If Parenting Is A Sliding Scale Then He’s Drowning At The Bottom

, , , , , | Right | March 15, 2020

I have worked as a lifeguard over the summer for several years. One part of the pool is a water slide. The rules for the slide are that people have to be over 42 inches and must be able to swim on their own. One lifeguard is always at the bottom of the slide just in case, but we aren’t allowed to catch kids. They have to be able to get out on their own.
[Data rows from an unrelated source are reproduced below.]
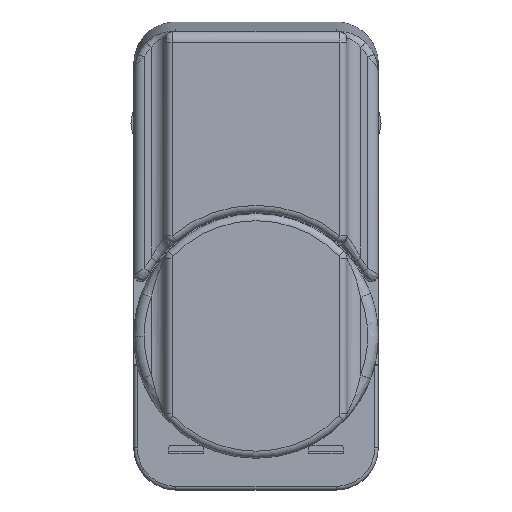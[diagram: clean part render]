
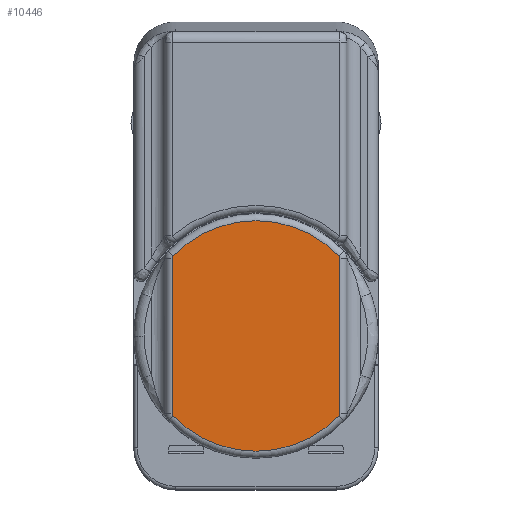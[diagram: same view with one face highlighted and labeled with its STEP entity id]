
A CAD part, top view. The second image highlights one B-rep face of the part: STEP entity #10446.
In plain terms, the highlighted planar face has unit normal (0, 0, 1).
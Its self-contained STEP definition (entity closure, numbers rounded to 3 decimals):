
#38 = CIRCLE ( 'NONE', #15698, 16.5 ) ;
#175 = CIRCLE ( 'NONE', #9371, 0.5 ) ;
#493 = CIRCLE ( 'NONE', #8109, 0.5 ) ;
#598 = CARTESIAN_POINT ( 'NONE',  ( 12., 0., 13.5 ) ) ;
#632 = DIRECTION ( 'NONE',  ( 0., 0., 1. ) ) ;
#1125 = ORIENTED_EDGE ( 'NONE', *, *, #10525, .T. ) ;
#1599 = DIRECTION ( 'NONE',  ( 0., 0., 1. ) ) ;
#1673 = DIRECTION ( 'NONE',  ( 0., 0., 1. ) ) ;
#2342 = ORIENTED_EDGE ( 'NONE', *, *, #14353, .T. ) ;
#2542 = LINE ( 'NONE', #598, #3148 ) ;
#2578 = CARTESIAN_POINT ( 'NONE',  ( -11.5, 11.124, 13.5 ) ) ;
#2763 = VERTEX_POINT ( 'NONE', #11471 ) ;
#2781 = EDGE_CURVE ( 'NONE', #5850, #10368, #3172, .T. ) ;
#3148 = VECTOR ( 'NONE', #17662, 1000. ) ;
#3172 = LINE ( 'NONE', #18311, #13295 ) ;
#3335 = CARTESIAN_POINT ( 'NONE',  ( 11.5, -11.124, 13.5 ) ) ;
#3354 = CARTESIAN_POINT ( 'NONE',  ( -12., 11.124, 13.5 ) ) ;
#3539 = CARTESIAN_POINT ( 'NONE',  ( 11.5, 11.124, 13.5 ) ) ;
#3618 = EDGE_CURVE ( 'NONE', #11199, #5850, #10155, .T. ) ;
#3619 = CARTESIAN_POINT ( 'NONE',  ( 0., 0., 13.5 ) ) ;
#3815 = DIRECTION ( 'NONE',  ( -1., 0., 0. ) ) ;
#4497 = ORIENTED_EDGE ( 'NONE', *, *, #6359, .T. ) ;
#5011 = EDGE_CURVE ( 'NONE', #7231, #9975, #38, .T. ) ;
#5102 = VERTEX_POINT ( 'NONE', #7389 ) ;
#5221 = ORIENTED_EDGE ( 'NONE', *, *, #2781, .T. ) ;
#5302 = ORIENTED_EDGE ( 'NONE', *, *, #3618, .T. ) ;
#5803 = DIRECTION ( 'NONE',  ( 0., 0., 1. ) ) ;
#5850 = VERTEX_POINT ( 'NONE', #3354 ) ;
#6359 = EDGE_CURVE ( 'NONE', #9975, #15003, #175, .T. ) ;
#6418 = CARTESIAN_POINT ( 'NONE',  ( -12., -11.124, 13.5 ) ) ;
#6808 = EDGE_CURVE ( 'NONE', #5102, #2763, #7542, .T. ) ;
#6821 = DIRECTION ( 'NONE',  ( -1., 0., 0. ) ) ;
#6995 = DIRECTION ( 'NONE',  ( -1., 0., 0. ) ) ;
#7231 = VERTEX_POINT ( 'NONE', #17621 ) ;
#7389 = CARTESIAN_POINT ( 'NONE',  ( 12., 11.124, 13.5 ) ) ;
#7542 = CIRCLE ( 'NONE', #9140, 0.5 ) ;
#7615 = EDGE_LOOP ( 'NONE', ( #2342, #13139, #1125, #5302, #5221, #14257, #17700, #4497 ) ) ;
#7739 = CARTESIAN_POINT ( 'NONE',  ( 0., 0., 13.5 ) ) ;
#8109 = AXIS2_PLACEMENT_3D ( 'NONE', #14128, #10264, #8306 ) ;
#8306 = DIRECTION ( 'NONE',  ( -1., 0., 0. ) ) ;
#8520 = AXIS2_PLACEMENT_3D ( 'NONE', #3619, #1673, #18761 ) ;
#8767 = DIRECTION ( 'NONE',  ( 0., 0., 1. ) ) ;
#8926 = DIRECTION ( 'NONE',  ( 0., 0., -1. ) ) ;
#9140 = AXIS2_PLACEMENT_3D ( 'NONE', #3539, #1599, #18689 ) ;
#9156 = EDGE_CURVE ( 'NONE', #10368, #7231, #493, .T. ) ;
#9371 = AXIS2_PLACEMENT_3D ( 'NONE', #3335, #8767, #6821 ) ;
#9975 = VERTEX_POINT ( 'NONE', #11817 ) ;
#10155 = CIRCLE ( 'NONE', #18465, 0.5 ) ;
#10264 = DIRECTION ( 'NONE',  ( 0., 0., 1. ) ) ;
#10368 = VERTEX_POINT ( 'NONE', #6418 ) ;
#10446 = ADVANCED_FACE ( 'NONE', ( #18683 ), #12836, .F. ) ;
#10525 = EDGE_CURVE ( 'NONE', #2763, #11199, #16743, .T. ) ;
#10876 = CARTESIAN_POINT ( 'NONE',  ( 0., 0., 13.5 ) ) ;
#11199 = VERTEX_POINT ( 'NONE', #18111 ) ;
#11471 = CARTESIAN_POINT ( 'NONE',  ( 11.859, 11.472, 13.5 ) ) ;
#11817 = CARTESIAN_POINT ( 'NONE',  ( 11.859, -11.472, 13.5 ) ) ;
#12836 = PLANE ( 'NONE',  #16705 ) ;
#13139 = ORIENTED_EDGE ( 'NONE', *, *, #6808, .T. ) ;
#13295 = VECTOR ( 'NONE', #16364, 1000. ) ;
#14128 = CARTESIAN_POINT ( 'NONE',  ( -11.5, -11.124, 13.5 ) ) ;
#14257 = ORIENTED_EDGE ( 'NONE', *, *, #9156, .T. ) ;
#14353 = EDGE_CURVE ( 'NONE', #15003, #5102, #2542, .T. ) ;
#15003 = VERTEX_POINT ( 'NONE', #15834 ) ;
#15698 = AXIS2_PLACEMENT_3D ( 'NONE', #7739, #5803, #3815 ) ;
#15834 = CARTESIAN_POINT ( 'NONE',  ( 12., -11.124, 13.5 ) ) ;
#16364 = DIRECTION ( 'NONE',  ( 0., -1., 0. ) ) ;
#16705 = AXIS2_PLACEMENT_3D ( 'NONE', #10876, #8926, #6995 ) ;
#16743 = CIRCLE ( 'NONE', #8520, 16.5 ) ;
#17621 = CARTESIAN_POINT ( 'NONE',  ( -11.859, -11.472, 13.5 ) ) ;
#17662 = DIRECTION ( 'NONE',  ( 0., 1., 0. ) ) ;
#17695 = DIRECTION ( 'NONE',  ( -1., 0., 0. ) ) ;
#17700 = ORIENTED_EDGE ( 'NONE', *, *, #5011, .T. ) ;
#18111 = CARTESIAN_POINT ( 'NONE',  ( -11.859, 11.472, 13.5 ) ) ;
#18311 = CARTESIAN_POINT ( 'NONE',  ( -12., 0., 13.5 ) ) ;
#18465 = AXIS2_PLACEMENT_3D ( 'NONE', #2578, #632, #17695 ) ;
#18683 = FACE_OUTER_BOUND ( 'NONE', #7615, .T. ) ;
#18689 = DIRECTION ( 'NONE',  ( -1., 0., 0. ) ) ;
#18761 = DIRECTION ( 'NONE',  ( -1., 0., 0. ) ) ;

One day, there’s a dad with his three kids at the pool. I am working the slide, and I chat some with the very polite dad as his kids climb up the stairs to the slide. His youngest son is terrified, but he eventually ends up going down. He panics at the bottom, though, and starts drowning. I immediately scoop him up and help him up the stairs.

Normally, we would tell them they can’t go down anymore because of the rules, but I don’t say anything because I don’t know if he can swim and he just got scared. The kid goes back up, still scared, but not as much. I end up having to save him a second time.

I tell the dad, “Hey, your son needs to be able to swim on his own for this ride. He can go again a third time, but if I have to save him, he won’t be able to go down anymore.”

The dad blows up. He starts cussing at me and telling me I’m not doing my job correctly, and meanwhile, his kid is going down the slide for a third time. I am ignoring the dad at this point, and I scoop up the kid who is drowning for the third time in a row. The dad starts yelling at his kid, too.

He says, “You’re gonna have to handle your own s*** because she doesn’t give a f*** about you!”

I just kind of stare at him, like, yeah, I just saved your drowning six-year-old son, but I don’t care at all? The guy ends up going to my managers about it, who tell him I did exactly what I was supposed to. Good times.